All discussion above is for “lease condensate”. Plant condensate is also a very light oil, but is typically above 60 API. Is C5+ hydrocarbons that are not separated at the wellhead but come out of the gas stream at an NGL plant.
Enno great work:
Agreed, frequent updates not needed, but the quick analysis was very nice.
No rigs running in MT now (I think).
I remember reading about some secondary development (new sweet spot) in MT. Think that is part of the development from a few years ago. Agreed you also see the price impact, but I don’t think that is the only thing. Also some of the initial sweet spot was just “all drilled up”. So there are a lot of things going on.
I think the slower decline is because it is more shallow. Typically the deeper wells in the Bakken have more rapid decline (although higher estimated EURs).
Pretty fluffy piece on the DJ, but some comments on breakeven price and core of the core areas. Interesting comment towards the end that slickwater gives high initial production but faster decline.
isobutane, not ‘tene. Spell correct makes this change all the time. GRR. It is not a typo from me or not knowing the difference.

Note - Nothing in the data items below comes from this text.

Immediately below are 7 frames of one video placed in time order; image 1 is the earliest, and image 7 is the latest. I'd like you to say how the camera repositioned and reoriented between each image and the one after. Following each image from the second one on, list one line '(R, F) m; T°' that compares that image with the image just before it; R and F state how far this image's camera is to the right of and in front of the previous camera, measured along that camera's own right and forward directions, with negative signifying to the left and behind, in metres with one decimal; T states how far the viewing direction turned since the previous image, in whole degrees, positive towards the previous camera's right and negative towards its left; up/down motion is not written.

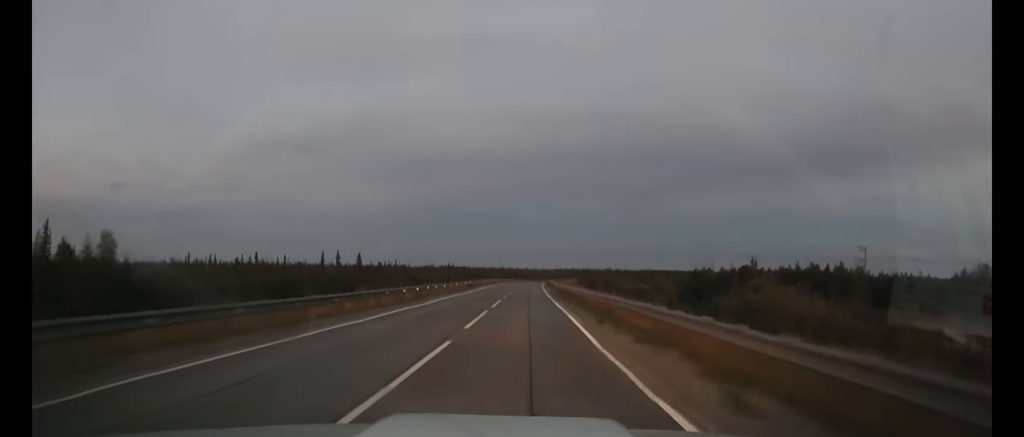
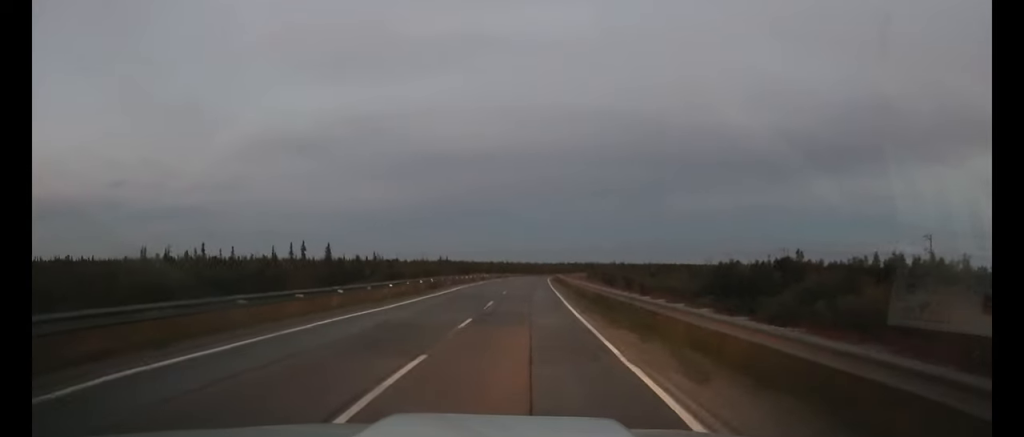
(0.0, +26.7) m; 0°
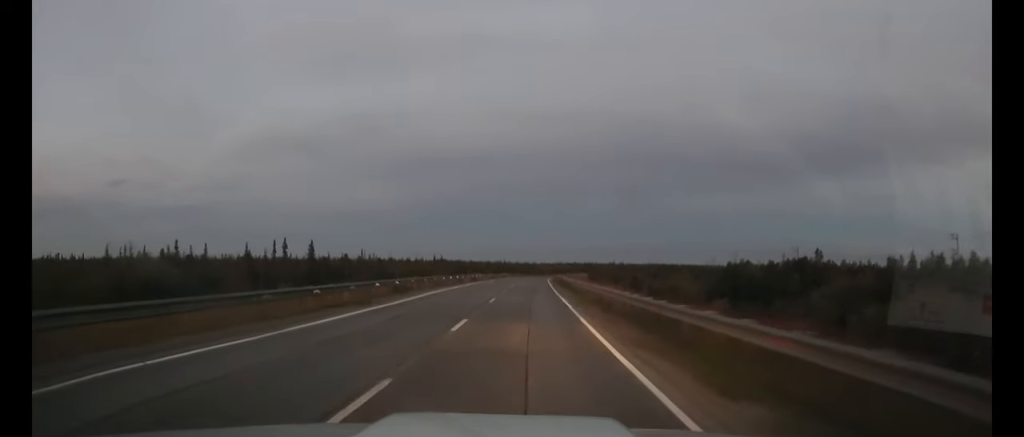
(0.0, +9.8) m; 0°
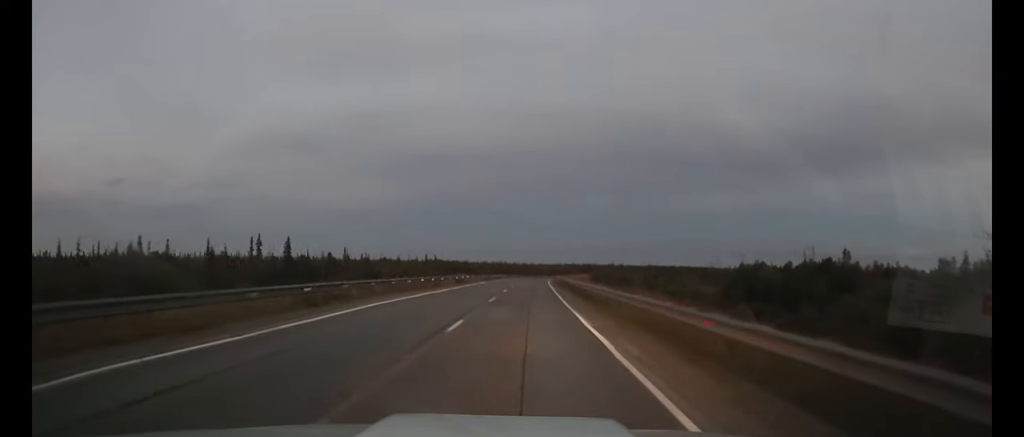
(0.0, +12.1) m; 0°
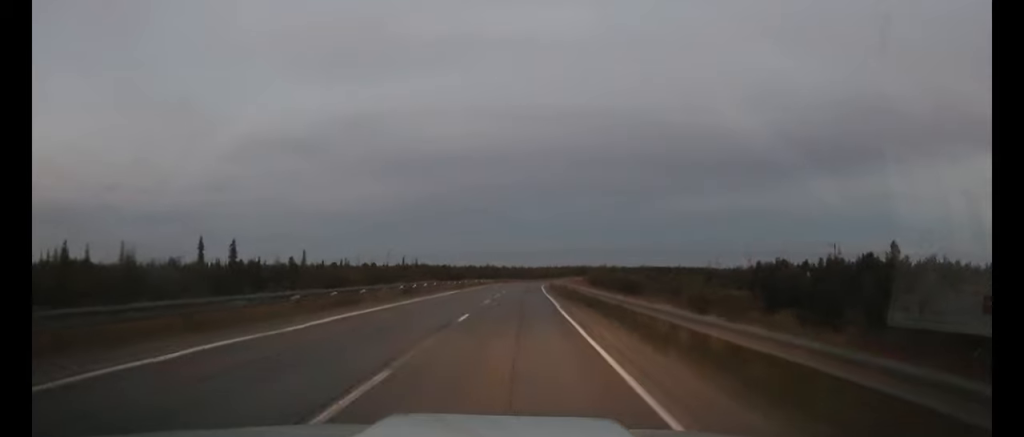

@Dennis : Montana lumps condensate & oil together in the same field, so I can’t distinguish between them.
@Nony : thanks for the background info. Drilling in Montana dropped dramatically after the price drop in 2014. According to BH, there were 378 horizontal rig weeks in 2014, vs 63 in 2015, and 0 in 2016.
Interesting info regarding the higher IP & faster decline of slickwater completions. I haven’t seen that mentioned before, but that is indeed what we appear to be seeing across the board.
If the EUR is the same and slickwater delivers faster payout (thus better NPV because of time value of money) along with cheaper completion, than slickwater would seem to be a winner over guar. Of course we don’t really know how the out year declines will look so…(shrug).